(What is expected):
Your task is to give the records again exactly. Leave each picture out.

(Supplied records):

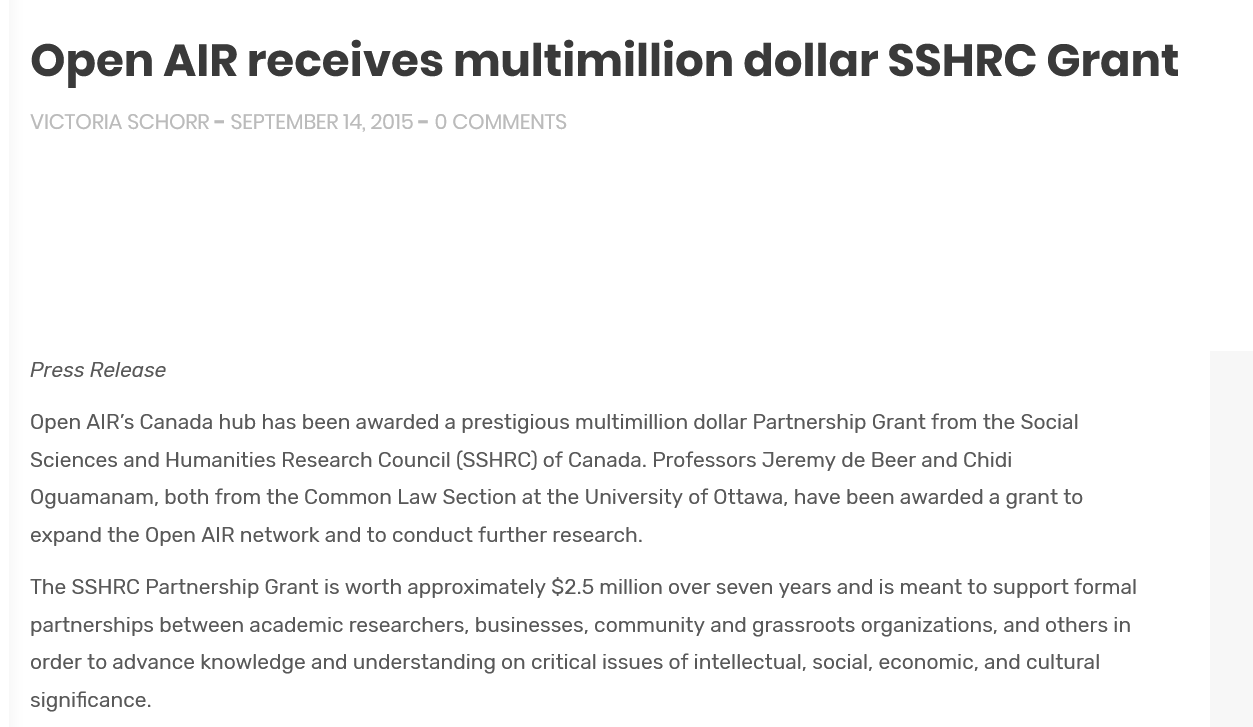
Open    AIR    receives    multimillion    dollar    SSHRC    Grant
   VICTORIA SCHORR = SEPTEMBER 14. 2015 = O COMMENTS.
   Press Release
   Open AIR’s Canada hub has been awarded a prestigious multimillion dollar Partnership Grant from the Social
   Sciences and Humanities Research Council (SSHRC) of Canada. Professors Jeremy de Beer and Chidi
   Oguamanam,  both from the Common Law Section at the University of Ottawa, have been awarded a grant to
   expand the Open AIR network and to conduct further research.
   The SSHRC Partnership Grant is worth approximately $2.5 million over seven years and is meant to support formal
   partnerships between academic researchers, businesses, community and grassroots organizations, and others in
   order to advance knowledge and understanding on critical issues of intellectual, social, economic, and cultural
   significance.
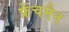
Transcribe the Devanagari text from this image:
फ्रेंचमैन

(Answer to this exercise):
Open    AIR    receives    multimillion    dollar    SSHRC    Grant
   VICTORIA SCHORR = SEPTEMBER 14. 2015 = O COMMENTS.
   Press Release
   Open AIR’s Canada hub has been awarded a prestigious multimillion dollar Partnership Grant from the Social
   Sciences and Humanities Research Council (SSHRC) of Canada. Professors Jeremy de Beer and Chidi
   Oguamanam,  both from the Common Law Section at the University of Ottawa, have been awarded a grant to
   expand the Open AIR network and to conduct further research.
   The SSHRC Partnership Grant is worth approximately $2.5 million over seven years and is meant to support formal
   partnerships between academic researchers, businesses, community and grassroots organizations, and others in
   order to advance knowledge and understanding on critical issues of intellectual, social, economic, and cultural
   significance.
Transcribe the Devanagari text from this image:
फ्रेंचमैन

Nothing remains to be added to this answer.